## Work order
Exactly as written, set down the lines from the top of the entries through the line bearing "#4171=EDGE_CURVE('',#3428,#3429,#1439,.T.);", with every picture left out.

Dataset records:
———

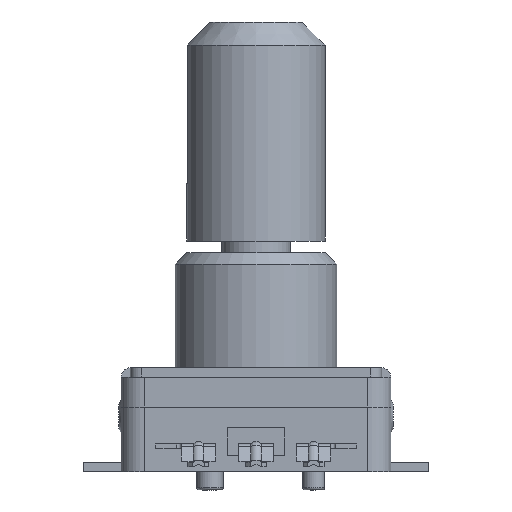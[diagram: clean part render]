
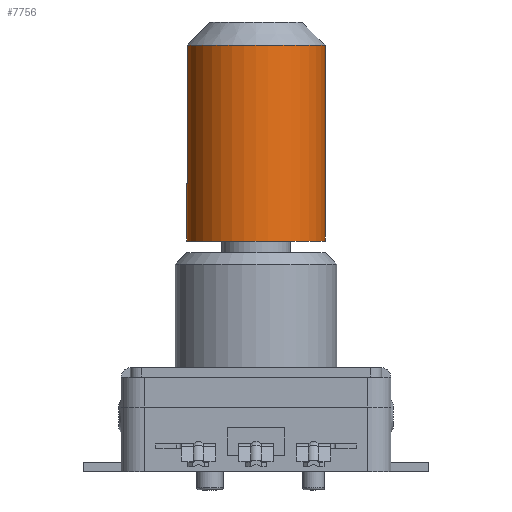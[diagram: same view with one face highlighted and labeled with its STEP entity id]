
A CAD part, left-side view. The second image highlights one B-rep face of the part: STEP entity #7756.
In plain terms, the highlighted cylindrical face has radius 3 mm (diameter 6 mm), a full revolution.
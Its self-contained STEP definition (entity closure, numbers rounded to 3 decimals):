
#452=FACE_OUTER_BOUND('',#927,.T.);
#927=EDGE_LOOP('',(#5420,#5421,#5422,#5423,#5424,#5425,#5426,#5427));
#1439=LINE('',#11581,#2284);
#1440=LINE('',#11584,#2285);
#1441=LINE('',#11586,#2286);
#2284=VECTOR('',#9172,3.);
#2285=VECTOR('',#9175,1.);
#2286=VECTOR('',#9176,1.);
#3083=CIRCLE('',#8293,3.);
#3084=CIRCLE('',#8295,3.);
#3085=CIRCLE('',#8296,3.);
#3086=CIRCLE('',#8297,3.);
#3426=VERTEX_POINT('',#11522);
#3427=VERTEX_POINT('',#11549);
#3428=VERTEX_POINT('',#11578);
#3429=VERTEX_POINT('',#11580);
#3430=VERTEX_POINT('',#11582);
#3431=VERTEX_POINT('',#11585);
#4168=EDGE_CURVE('',#3427,#3426,#3083,.T.);
#4170=EDGE_CURVE('',#3428,#3428,#3084,.T.);
#4171=EDGE_CURVE('',#3428,#3429,#1439,.T.);
#4172=EDGE_CURVE('',#3429,#3430,#3085,.T.);
#4173=EDGE_CURVE('',#3430,#3427,#1440,.F.);
#4174=EDGE_CURVE('',#3426,#3431,#1441,.T.);
#4175=EDGE_CURVE('',#3431,#3429,#3086,.T.);
#5420=ORIENTED_EDGE('',*,*,#4170,.F.);
#5421=ORIENTED_EDGE('',*,*,#4171,.T.);
#5422=ORIENTED_EDGE('',*,*,#4172,.T.);
#5423=ORIENTED_EDGE('',*,*,#4173,.T.);
#5424=ORIENTED_EDGE('',*,*,#4168,.T.);
#5425=ORIENTED_EDGE('',*,*,#4174,.T.);
#5426=ORIENTED_EDGE('',*,*,#4175,.T.);
#5427=ORIENTED_EDGE('',*,*,#4171,.F.);
#7600=CYLINDRICAL_SURFACE('',#8294,3.);
#7756=ADVANCED_FACE('',(#452),#7600,.T.);
#8293=AXIS2_PLACEMENT_3D('',#11550,#9166,#9167);
#8294=AXIS2_PLACEMENT_3D('',#11577,#9168,#9169);
#8295=AXIS2_PLACEMENT_3D('',#11579,#9170,#9171);
#8296=AXIS2_PLACEMENT_3D('',#11583,#9173,#9174);
#8297=AXIS2_PLACEMENT_3D('',#11587,#9177,#9178);
#9166=DIRECTION('center_axis',(0.,0.,
-1.));
#9167=DIRECTION('ref_axis',(0.,-1.,0.));
#9168=DIRECTION('center_axis',(0.,0.,
-1.));
#9169=DIRECTION('ref_axis',(0.,-1.,0.));
#9170=DIRECTION('center_axis',(0.,0.,
-1.));
#9171=DIRECTION('ref_axis',(0.,-1.,0.));
#9172=DIRECTION('',(0.,0.,1.));
#9173=DIRECTION('center_axis',(0.,0.,
-1.));
#9174=DIRECTION('ref_axis',(-0.985,-0.174,0.));
#9175=DIRECTION('',(0.,0.,-1.));
#9176=DIRECTION('',(0.,0.,-1.));
#9177=DIRECTION('center_axis',(0.,0.,
-1.));
#9178=DIRECTION('ref_axis',(-0.985,-0.174,0.));
#11522=CARTESIAN_POINT('',(-2.954,-0.521,14.));
#11549=CARTESIAN_POINT('',(1.026,2.819,14.));
#11550=CARTESIAN_POINT('Origin',(0.,0.,
14.));
#11577=CARTESIAN_POINT('Origin',(0.,0.,
14.));
#11578=CARTESIAN_POINT('',(0.,3.,5.5));
#11579=CARTESIAN_POINT('Origin',(0.,0.,
5.5));
#11580=CARTESIAN_POINT('',(0.,3.,8.));
#11581=CARTESIAN_POINT('',(0.,3.,14.));
#11582=CARTESIAN_POINT('',(1.026,2.819,8.));
#11583=CARTESIAN_POINT('Origin',(0.,0.,
8.));
#11584=CARTESIAN_POINT('',(1.026,2.819,14.));
#11585=CARTESIAN_POINT('',(-2.954,-0.521,8.));
#11586=CARTESIAN_POINT('',(-2.954,-0.521,14.));
#11587=CARTESIAN_POINT('Origin',(0.,0.,
8.));

———

## Finished exercise
[diagram: clean part render]
[diagram: same view with one face highlighted and labeled with its STEP entity id]
A CAD part, left-side view. The second image highlights one B-rep face of the part: STEP entity #7756.
In plain terms, the highlighted cylindrical face has radius 3 mm (diameter 6 mm), a full revolution.
Its self-contained STEP definition (entity closure, numbers rounded to 3 decimals):
#452=FACE_OUTER_BOUND('',#927,.T.);
#927=EDGE_LOOP('',(#5420,#5421,#5422,#5423,#5424,#5425,#5426,#5427));
#1439=LINE('',#11581,#2284);
#1440=LINE('',#11584,#2285);
#1441=LINE('',#11586,#2286);
#2284=VECTOR('',#9172,3.);
#2285=VECTOR('',#9175,1.);
#2286=VECTOR('',#9176,1.);
#3083=CIRCLE('',#8293,3.);
#3084=CIRCLE('',#8295,3.);
#3085=CIRCLE('',#8296,3.);
#3086=CIRCLE('',#8297,3.);
#3426=VERTEX_POINT('',#11522);
#3427=VERTEX_POINT('',#11549);
#3428=VERTEX_POINT('',#11578);
#3429=VERTEX_POINT('',#11580);
#3430=VERTEX_POINT('',#11582);
#3431=VERTEX_POINT('',#11585);
#4168=EDGE_CURVE('',#3427,#3426,#3083,.T.);
#4170=EDGE_CURVE('',#3428,#3428,#3084,.T.);
#4171=EDGE_CURVE('',#3428,#3429,#1439,.T.);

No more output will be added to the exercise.